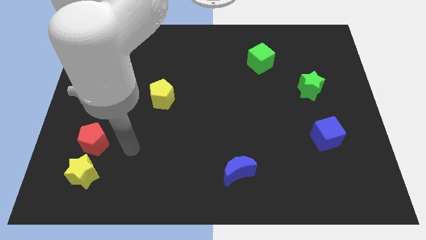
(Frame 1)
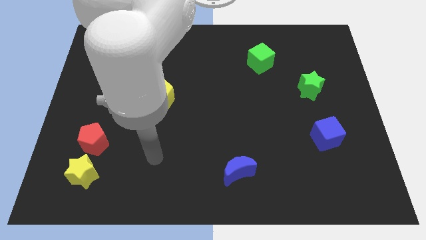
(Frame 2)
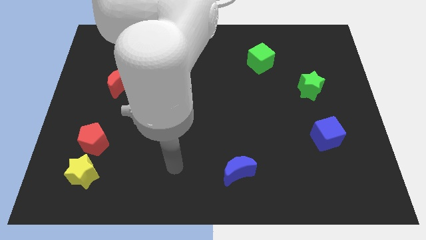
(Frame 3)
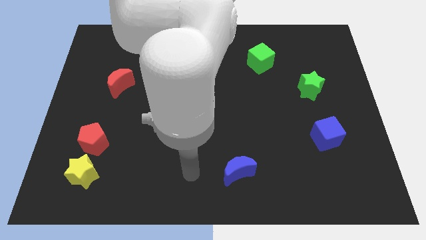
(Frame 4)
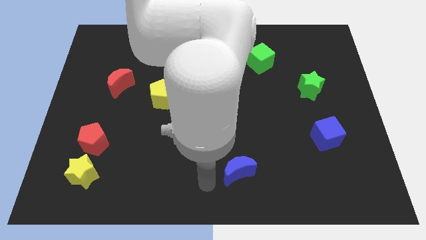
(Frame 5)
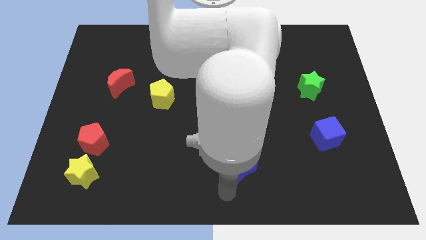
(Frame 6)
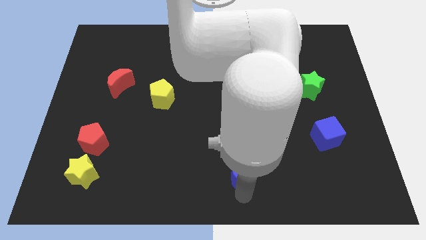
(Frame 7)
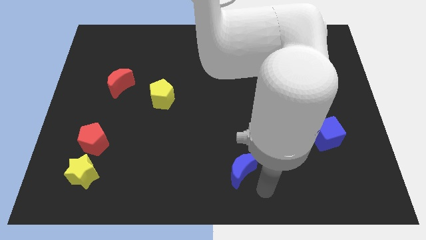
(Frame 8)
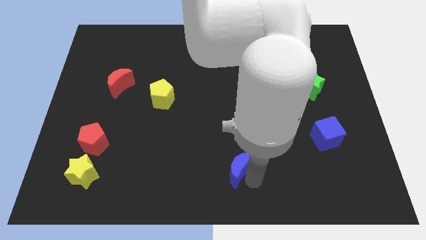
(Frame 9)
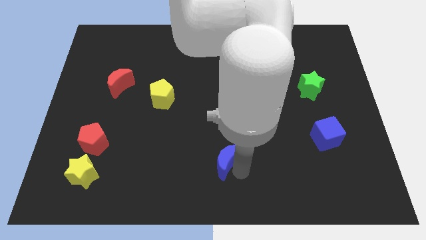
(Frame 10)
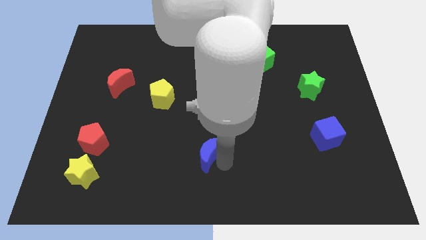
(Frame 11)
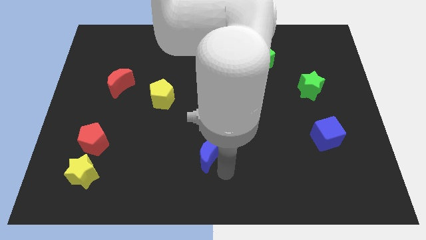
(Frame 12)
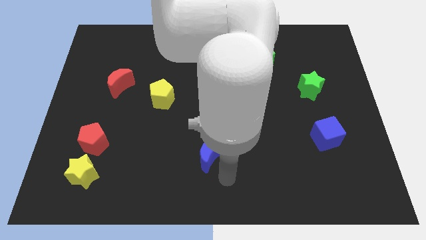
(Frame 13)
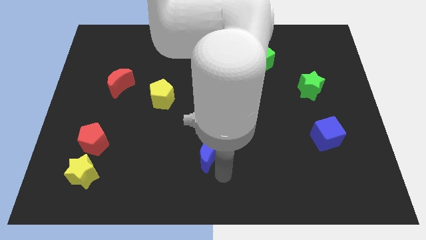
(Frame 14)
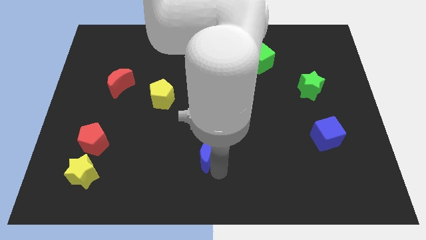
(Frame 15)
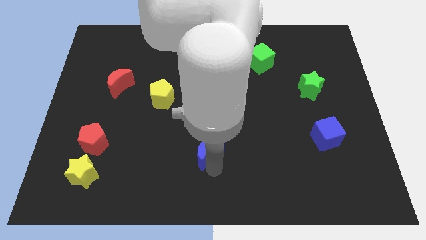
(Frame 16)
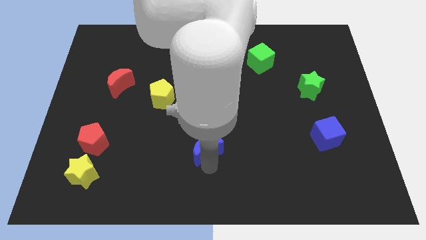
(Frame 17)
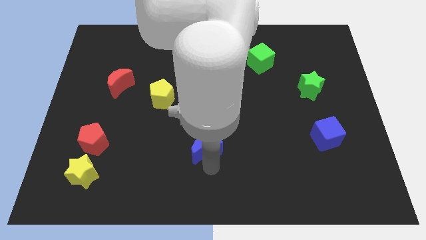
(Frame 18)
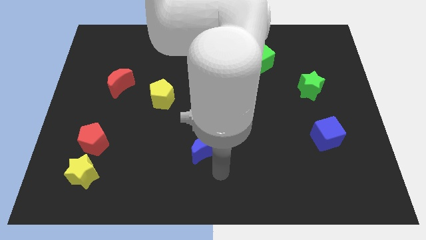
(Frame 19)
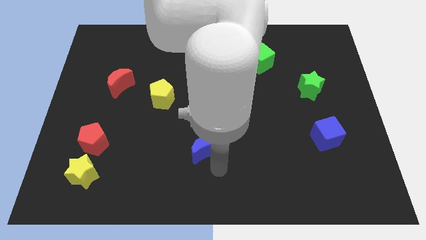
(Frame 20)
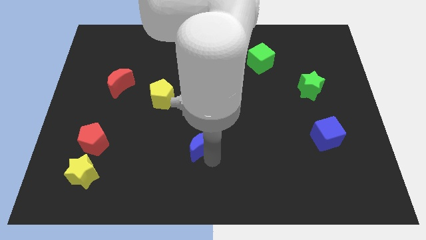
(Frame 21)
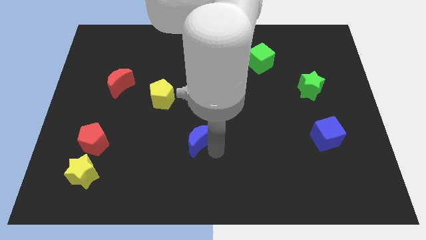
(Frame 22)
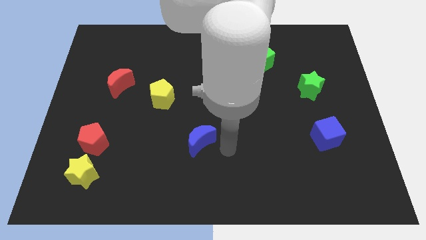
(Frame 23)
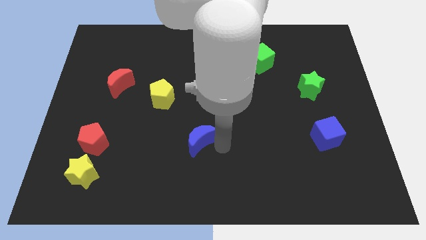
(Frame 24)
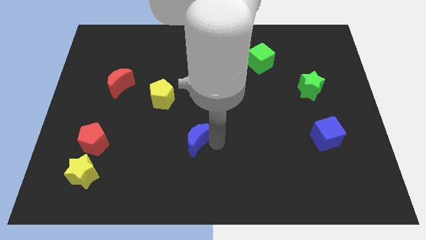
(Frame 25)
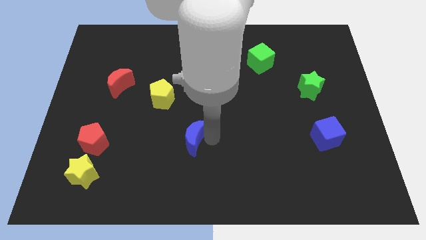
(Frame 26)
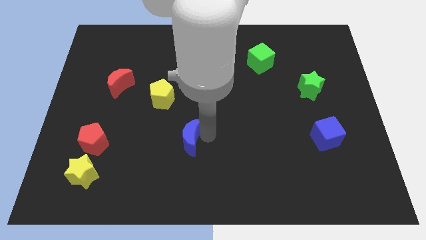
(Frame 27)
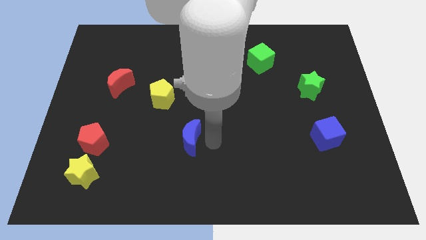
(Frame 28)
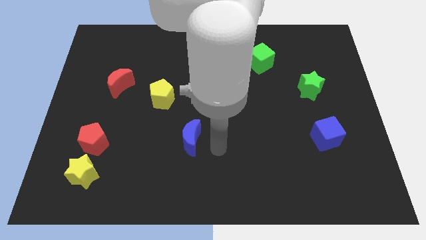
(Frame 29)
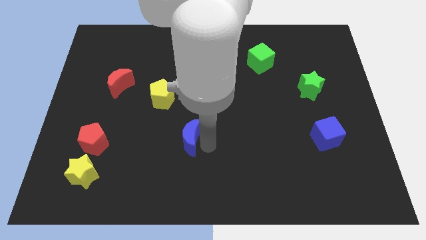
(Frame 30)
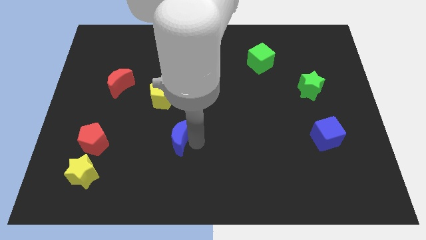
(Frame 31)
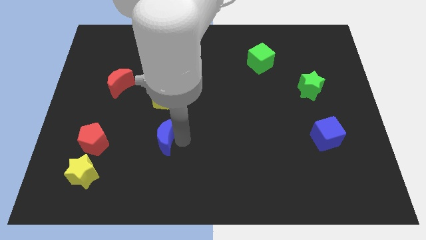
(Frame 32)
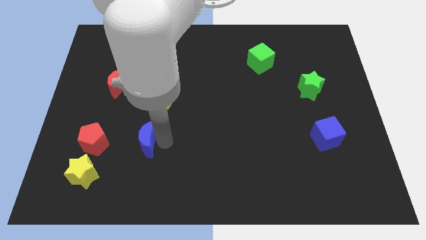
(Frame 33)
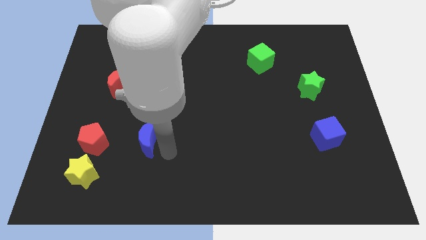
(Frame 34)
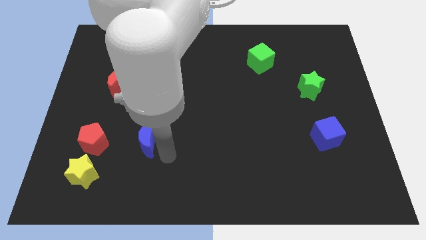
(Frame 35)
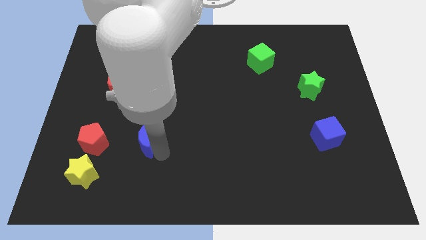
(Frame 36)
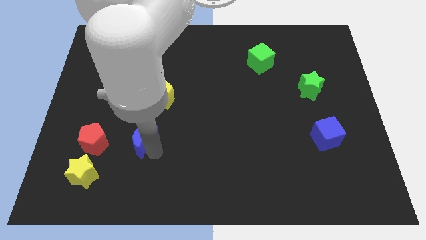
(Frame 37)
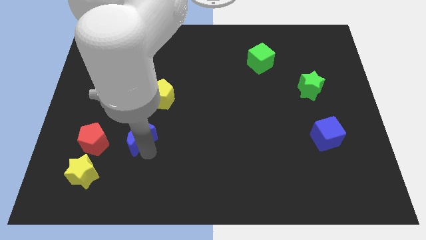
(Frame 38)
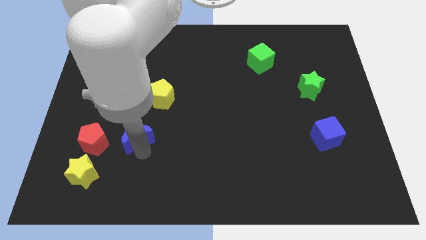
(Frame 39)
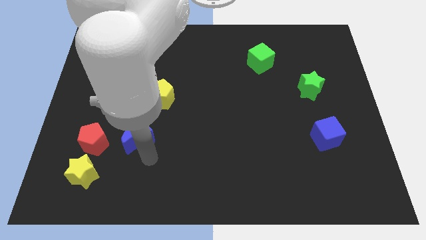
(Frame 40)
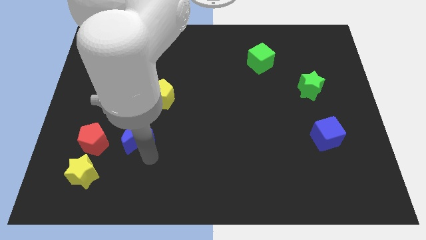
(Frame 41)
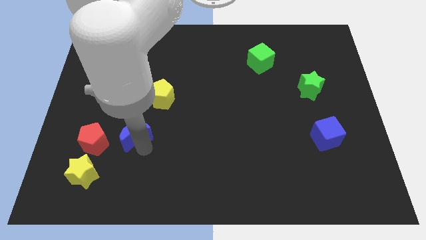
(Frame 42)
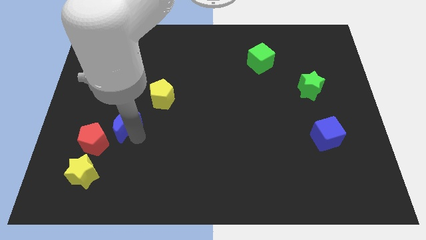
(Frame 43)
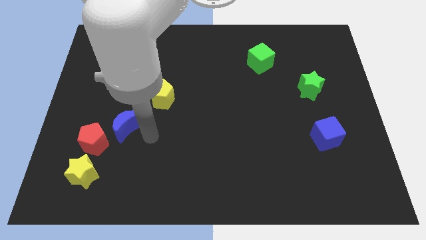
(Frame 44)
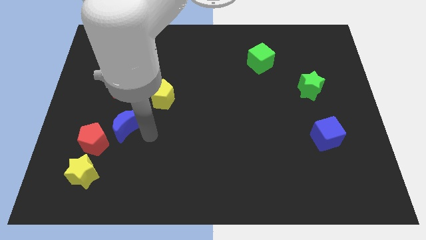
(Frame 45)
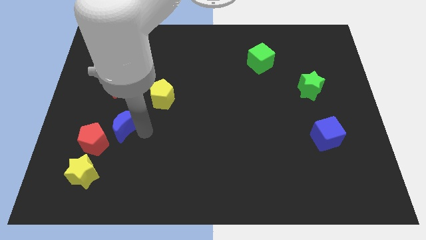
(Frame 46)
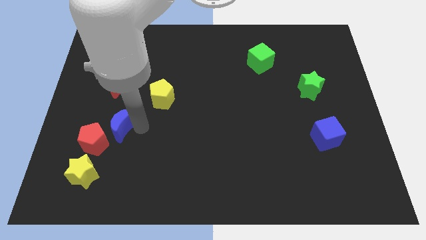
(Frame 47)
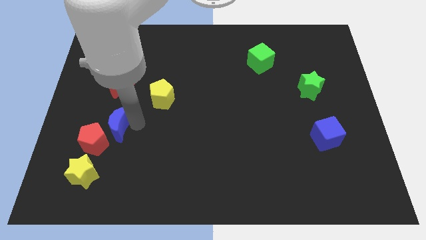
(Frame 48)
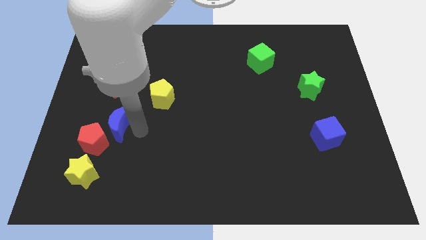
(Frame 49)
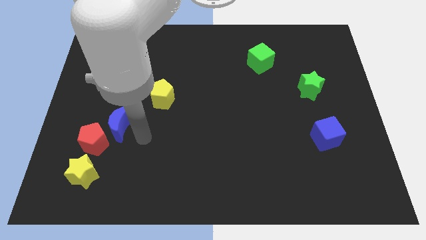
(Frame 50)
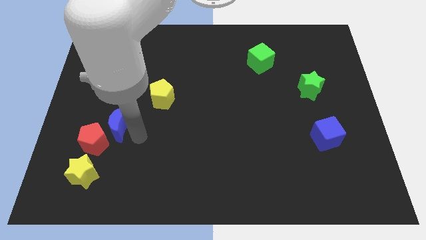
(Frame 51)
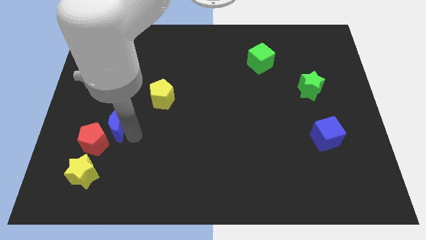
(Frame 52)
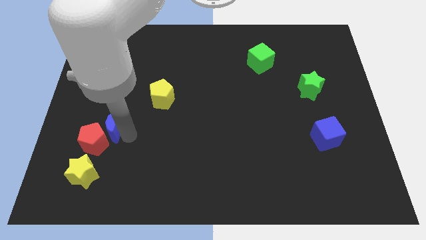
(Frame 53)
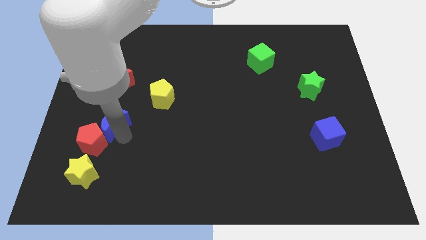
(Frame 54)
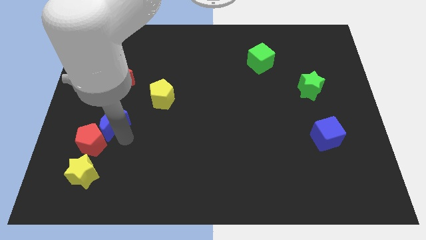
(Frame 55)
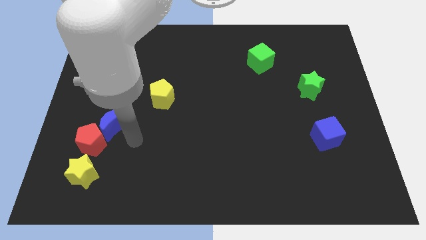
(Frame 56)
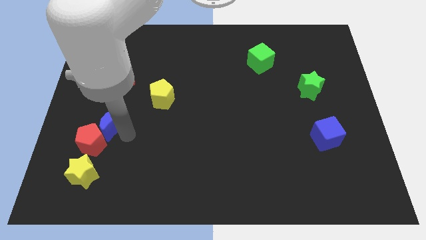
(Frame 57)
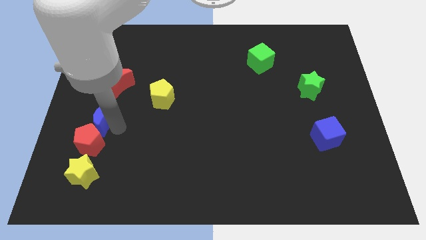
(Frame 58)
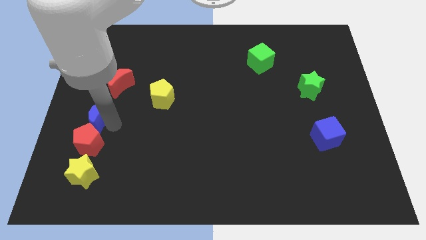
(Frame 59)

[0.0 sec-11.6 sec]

——————

» **Requirement**
Without the pictures, repeat the listing word for word.

» **Your solution**
(Frame 1)
(Frame 2)
(Frame 3)
(Frame 4)
(Frame 5)
(Frame 6)
(Frame 7)
(Frame 8)
(Frame 9)
(Frame 10)
(Frame 11)
(Frame 12)
(Frame 13)
(Frame 14)
(Frame 15)
(Frame 16)
(Frame 17)
(Frame 18)
(Frame 19)
(Frame 20)
(Frame 21)
(Frame 22)
(Frame 23)
(Frame 24)
(Frame 25)
(Frame 26)
(Frame 27)
(Frame 28)
(Frame 29)
(Frame 30)
(Frame 31)
(Frame 32)
(Frame 33)
(Frame 34)
(Frame 35)
(Frame 36)
(Frame 37)
(Frame 38)
(Frame 39)
(Frame 40)
(Frame 41)
(Frame 42)
(Frame 43)
(Frame 44)
(Frame 45)
(Frame 46)
(Frame 47)
(Frame 48)
(Frame 49)
(Frame 50)
(Frame 51)
(Frame 52)
(Frame 53)
(Frame 54)
(Frame 55)
(Frame 56)
(Frame 57)
(Frame 58)
(Frame 59)

[0.0 sec-11.6 sec]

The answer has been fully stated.